4 Reasons I won’t lend you my Guitar


“My name is “Guitar Collector”. I might perform in the local guitar orchestra or attend the concerts that the Guitar Society of my locality presents. I buy the CD’s, I buy the season pass, but mostly, I buy Guitars. My certainly modest collection includes 3 Dammann’s, 2 Smallmann’s, a couple of Redgates, one Paco Santiago Marin, and a handful of others including possibly Fleta’s, Romanillo’s and a Hauser I. Pre war! Can you play my guitars? Certainly, but don’t ever think of going 3 millimeters outside of my sight with it and don’t you dare put a finger on the top, god forbid the scratch. Don’t thank me, its just who I am.”

I think probably every professional or aspiring guitarist in the world has had this experience at one time or another, and if this has not yet happened, it certainly will. To avoid social media innuendos, apologies in advance if you feel offended (or identified) with the description above. Guitar professionals need the encouragement and support of enthusiasts and guitar collectors/patrons. Without you, our lives would be even more difficult. But, you know what else we really need? GOOD GUITARS!

Guitars are getting more expensive by the minute, and in addition to an already oversaturated market with diminished demand for professional guitarists, high college debt and low return on their music career investment, guitarists’ only hope to break through the noise is to get EVEN MORE in debt to buy a competitive instrument. FEEL RELATED?

First, lets take into account a couple of assumptions before exploring how this can be:

  • Guitars are, by comparison, incredibly cheap: The most expensive guitar in the world, probably even something that either Williams, Bream or Segovia himself played at some point, will run you just about as much as a top notch violin bow. About $300,000.
  • In spite of the above, concert classical musicians, solo artists and even promising students around the world have access to violins, cellos, and other instruments that easily surpass $1,000,000, AT NO COST TO THE PERFORMER.  If you want to have a better insight on how this is done, and which factors play into consideration, read the following article in The Economist which analyses this practice: http://www.economist.com/blogs/prospero/2013/12/expensive-violins

So, now the question: HOW COULD THIS BE?

After years of perusing the practices of guitar collectors and artists/students in the USA and Europe, the following list covers my reasoning behind this issue.

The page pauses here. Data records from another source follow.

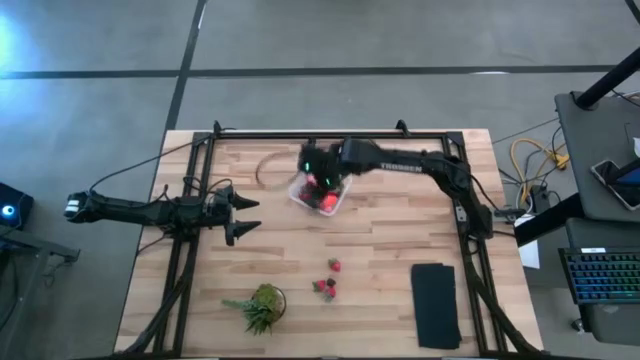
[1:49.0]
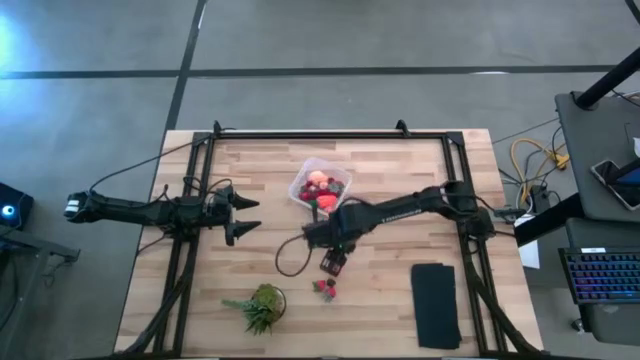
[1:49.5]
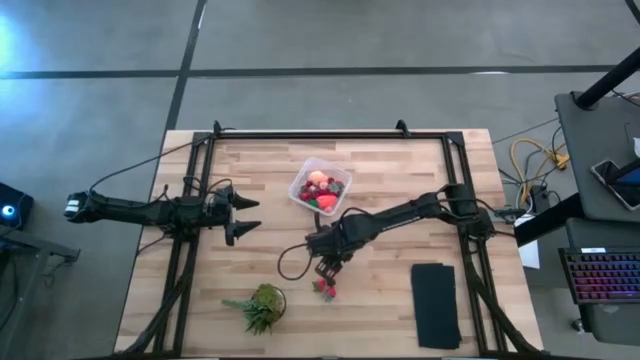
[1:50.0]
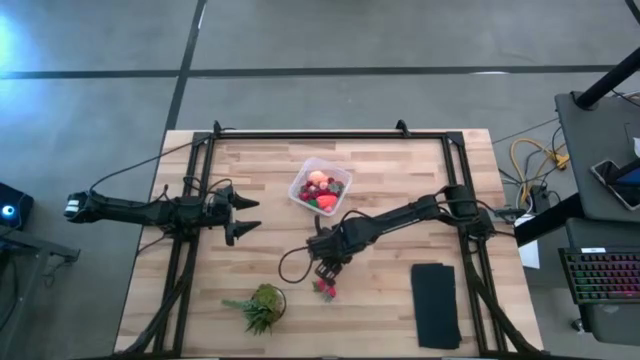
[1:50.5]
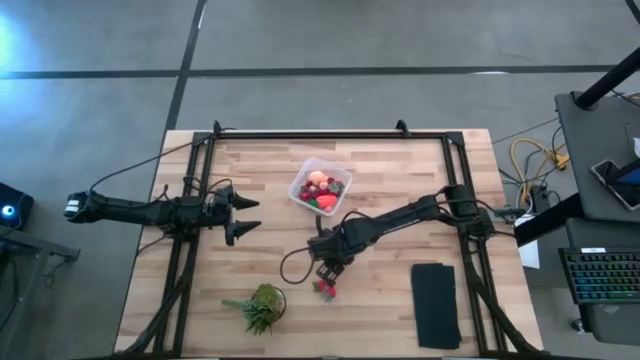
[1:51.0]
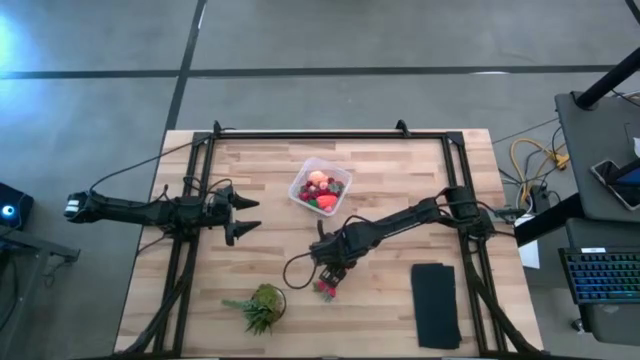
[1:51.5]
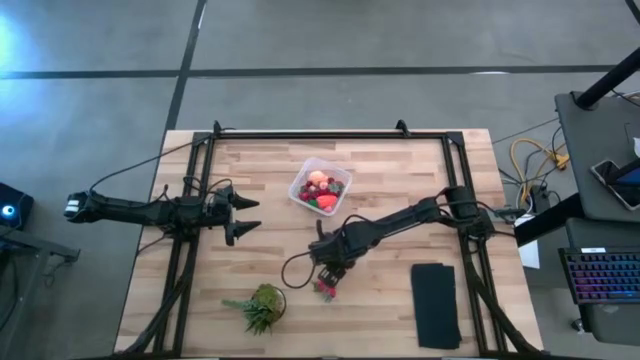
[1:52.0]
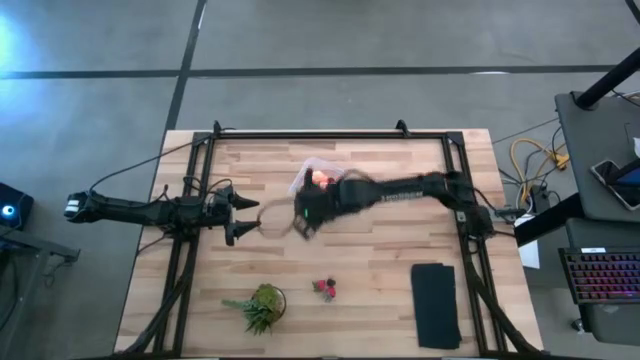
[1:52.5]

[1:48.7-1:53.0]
Put the red strawberry into the transparent bin

When comparing the attitudes of individual collectors at the classical music and classical guitar levels, one main difference strikes as obvious: CLASSICAL MUSIC COLLECTORS DO NOT USE THE INSTRUMENTS THEY BUY.

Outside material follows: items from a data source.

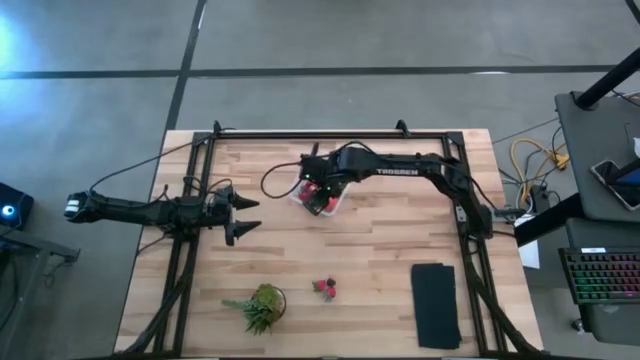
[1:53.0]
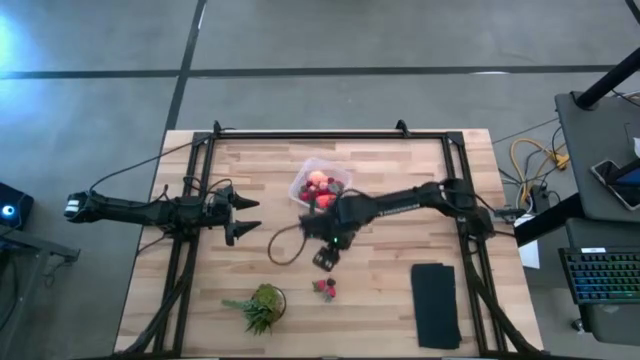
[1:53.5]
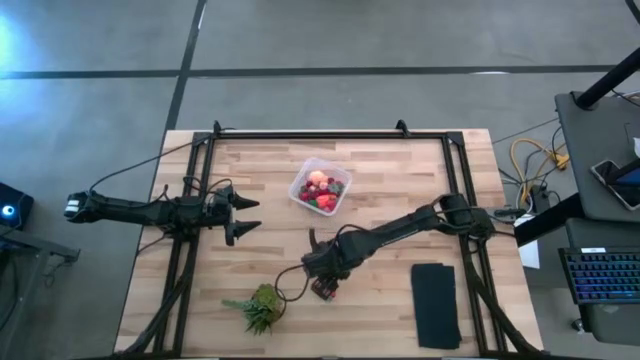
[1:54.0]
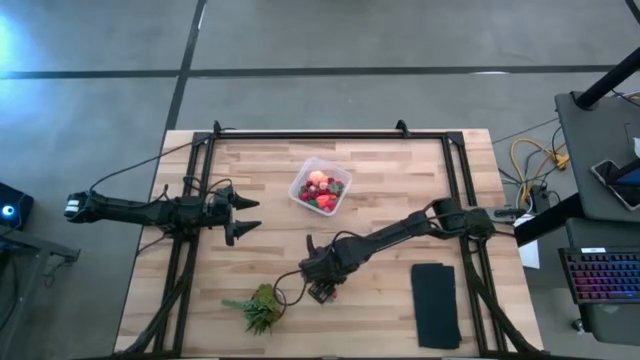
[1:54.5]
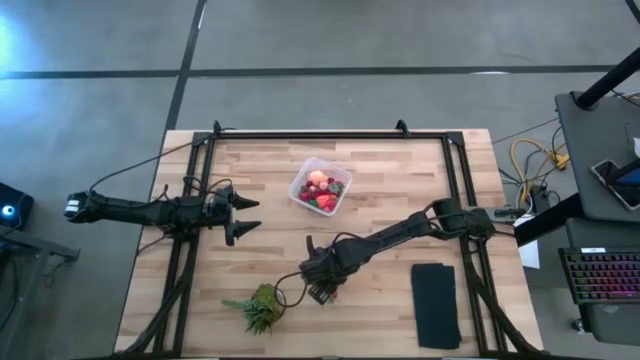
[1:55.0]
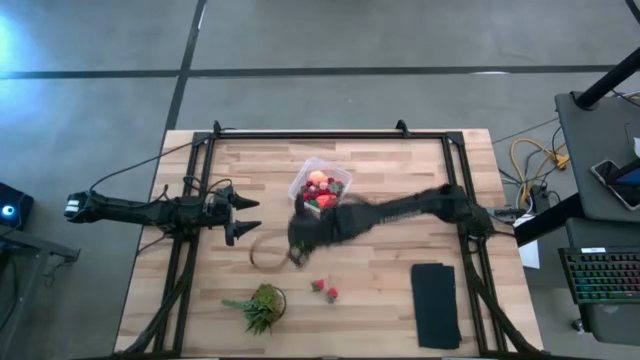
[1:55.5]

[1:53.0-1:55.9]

When was the last time anybody heard about an old guy playing twinkle twinkle in a two million dollar Stradivarius? The psychological relationship between the buyer and the instrument is one of respect, of acknowledgement of the instrument as a piece of art, whose secrets can only be uncovered by those who master the art of playing music. Doing otherwise would be like buying Picasso’s to have your kids paint on them during their after school art class.

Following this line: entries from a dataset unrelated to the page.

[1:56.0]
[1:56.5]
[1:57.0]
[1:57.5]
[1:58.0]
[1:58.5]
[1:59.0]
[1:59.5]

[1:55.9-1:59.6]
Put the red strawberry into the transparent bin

Lets now look around guitar collectors. Since age 15 I have seen people drop $10,000, $20,000, or even $50,000 on guitars, only to go to the local “guru” to work on ‘Adelita’ by Tarrega, as they have done for the last 20 years. For them, buying an expensive guitar is like buying an expensive car: you can suck at driving and still buy a Mazeratti or a Ferrari. For them the instrument is a toy, something they can ‘play’ with. A nuisance.

Another striking difference is that while guitar collectors rarely encourage others to play in their investments, classical music instrument collectors find pride in lending them to a select group of people based on – most usually – artistic merits.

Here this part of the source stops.